(Excerpted records Opens)

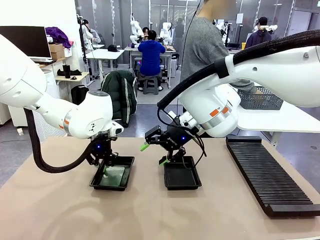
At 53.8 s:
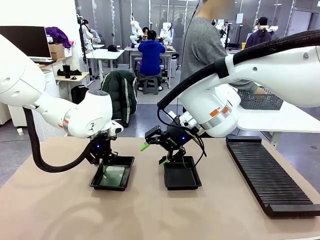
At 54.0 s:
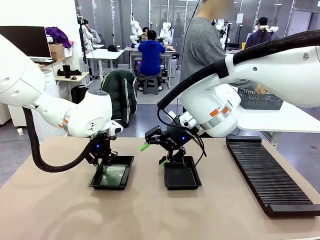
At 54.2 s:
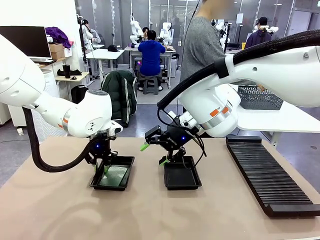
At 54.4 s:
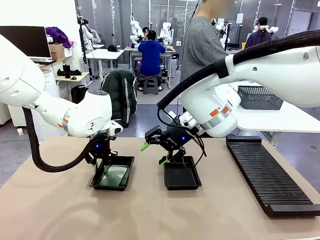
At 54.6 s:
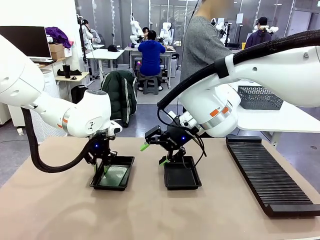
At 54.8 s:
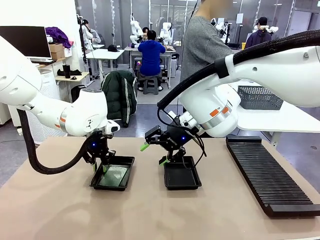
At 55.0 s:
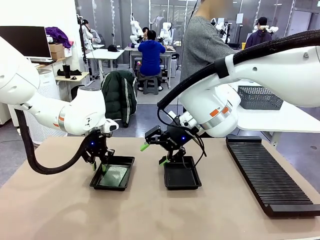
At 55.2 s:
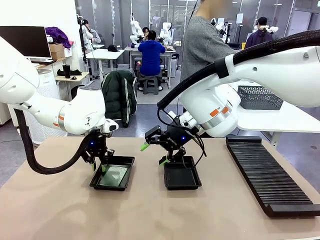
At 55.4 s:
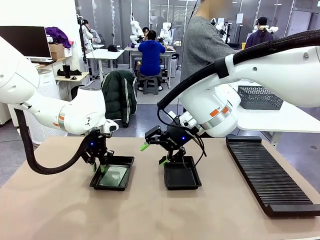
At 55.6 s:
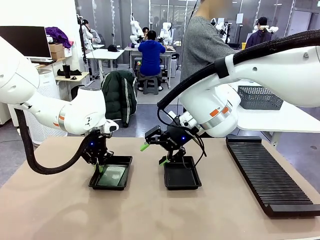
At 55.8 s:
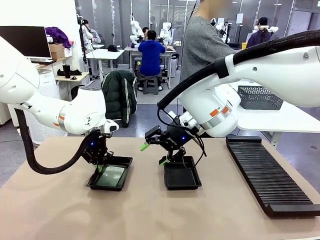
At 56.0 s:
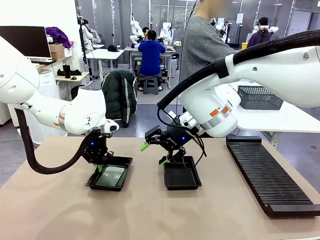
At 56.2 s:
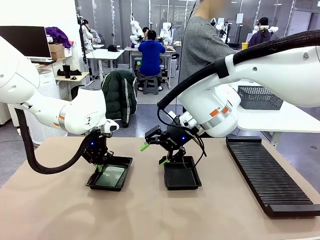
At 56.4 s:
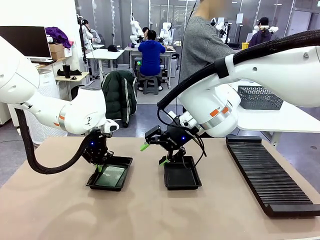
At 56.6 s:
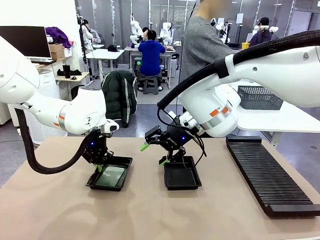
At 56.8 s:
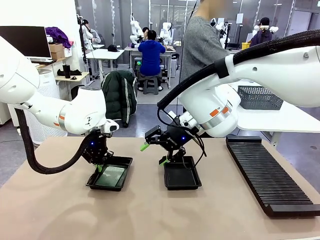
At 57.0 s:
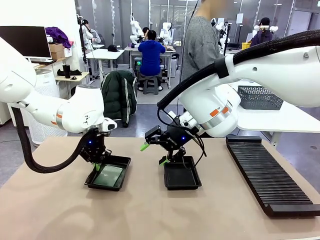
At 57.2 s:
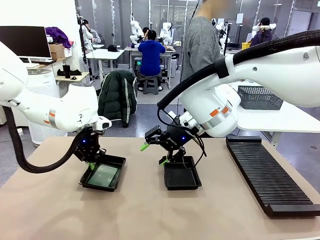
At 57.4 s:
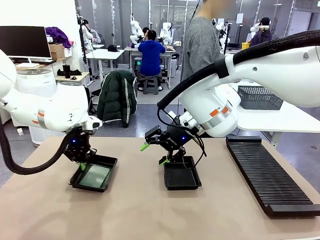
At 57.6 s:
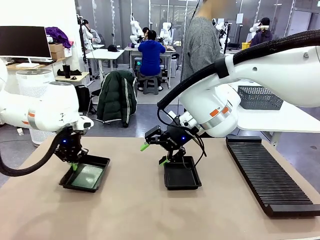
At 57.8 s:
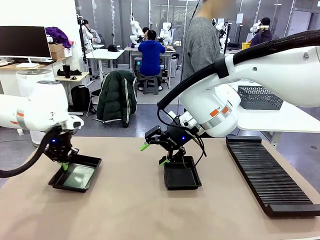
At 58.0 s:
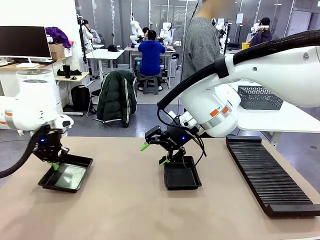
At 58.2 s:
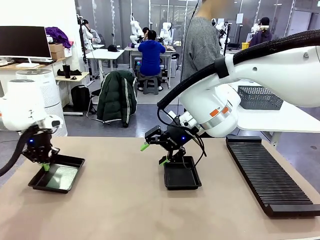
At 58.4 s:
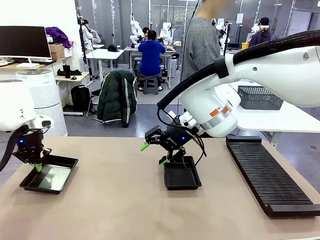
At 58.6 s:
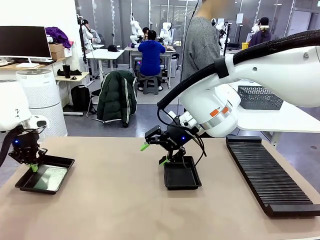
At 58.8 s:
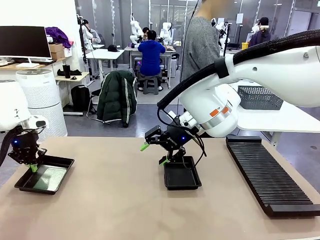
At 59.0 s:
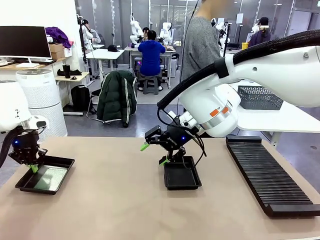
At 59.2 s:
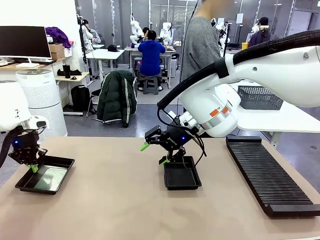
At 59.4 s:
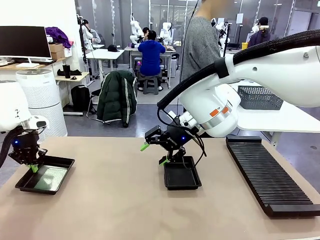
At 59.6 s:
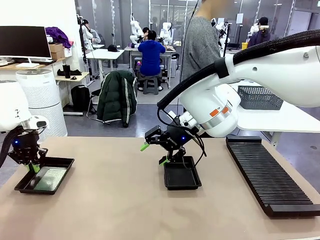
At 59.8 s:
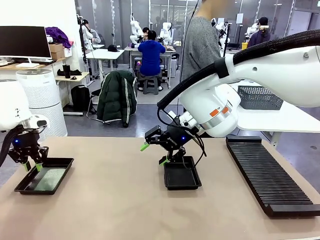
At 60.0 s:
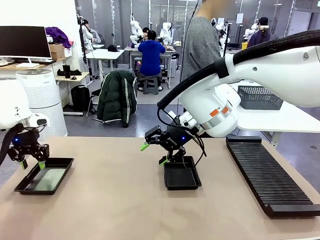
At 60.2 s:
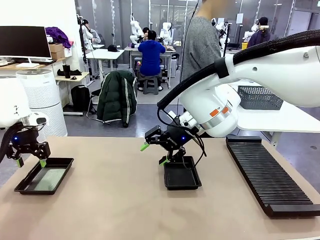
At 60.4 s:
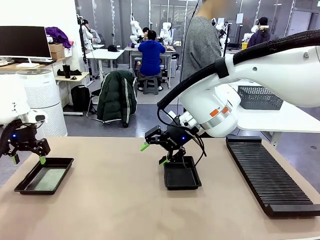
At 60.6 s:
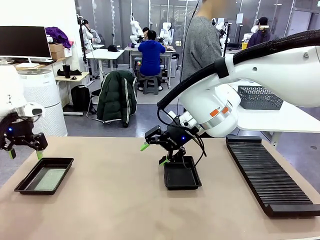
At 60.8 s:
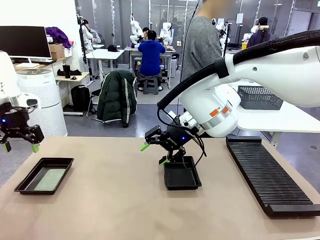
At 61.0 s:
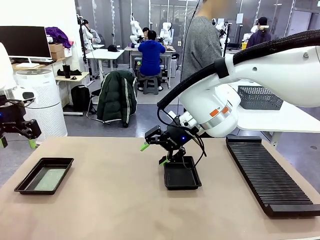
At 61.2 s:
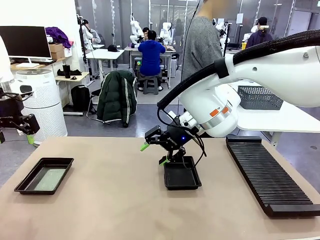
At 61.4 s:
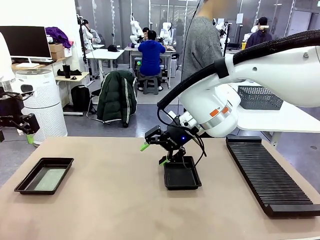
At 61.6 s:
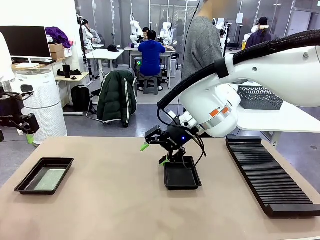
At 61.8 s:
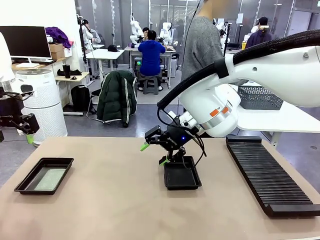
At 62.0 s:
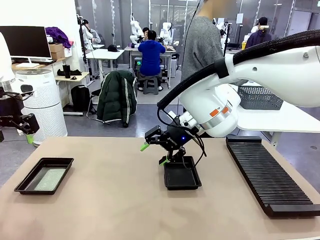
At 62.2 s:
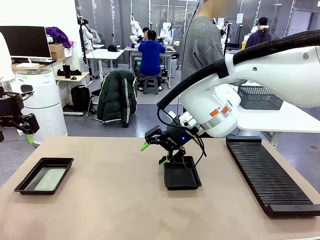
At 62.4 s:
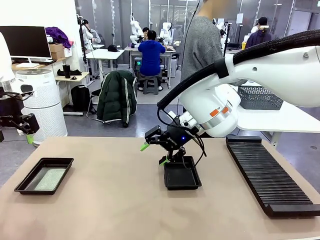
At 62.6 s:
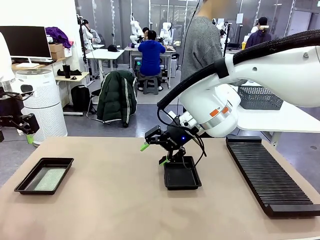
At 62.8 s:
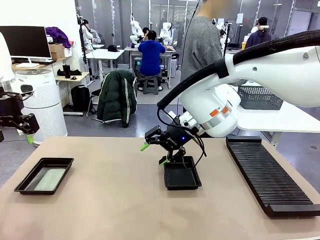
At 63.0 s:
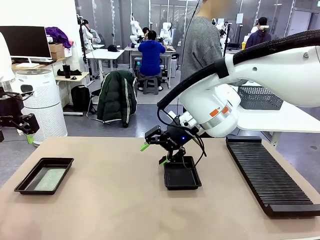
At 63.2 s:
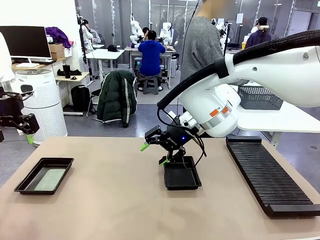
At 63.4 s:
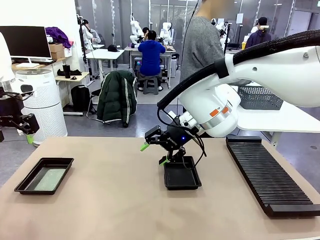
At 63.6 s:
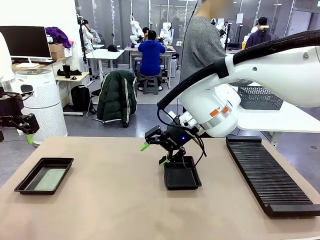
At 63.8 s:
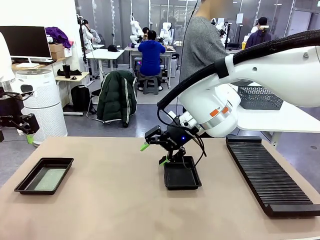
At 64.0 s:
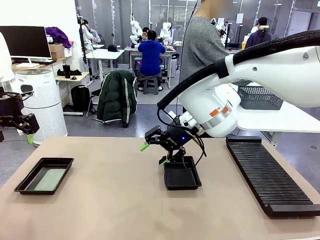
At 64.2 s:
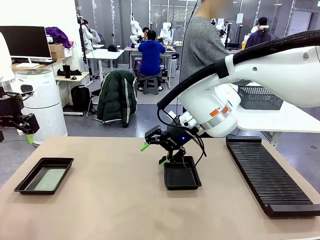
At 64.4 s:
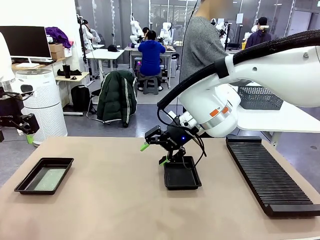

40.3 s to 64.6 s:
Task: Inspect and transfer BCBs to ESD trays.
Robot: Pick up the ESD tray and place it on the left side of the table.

(Excerpted records Closes)

### [What the task requires]
The full listing, transcribed exactly and without its pictures, is the expected result.

### [Completed exercise]
At 53.8 s:
At 54.0 s:
At 54.2 s:
At 54.4 s:
At 54.6 s:
At 54.8 s:
At 55.0 s:
At 55.2 s:
At 55.4 s:
At 55.6 s:
At 55.8 s:
At 56.0 s:
At 56.2 s:
At 56.4 s:
At 56.6 s:
At 56.8 s:
At 57.0 s:
At 57.2 s:
At 57.4 s:
At 57.6 s:
At 57.8 s:
At 58.0 s:
At 58.2 s:
At 58.4 s:
At 58.6 s:
At 58.8 s:
At 59.0 s:
At 59.2 s:
At 59.4 s:
At 59.6 s:
At 59.8 s:
At 60.0 s:
At 60.2 s:
At 60.4 s:
At 60.6 s:
At 60.8 s:
At 61.0 s:
At 61.2 s:
At 61.4 s:
At 61.6 s:
At 61.8 s:
At 62.0 s:
At 62.2 s:
At 62.4 s:
At 62.6 s:
At 62.8 s:
At 63.0 s:
At 63.2 s:
At 63.4 s:
At 63.6 s:
At 63.8 s:
At 64.0 s:
At 64.2 s:
At 64.4 s:

40.3 s to 64.6 s:
Task: Inspect and transfer BCBs to ESD trays.
Robot: Pick up the ESD tray and place it on the left side of the table.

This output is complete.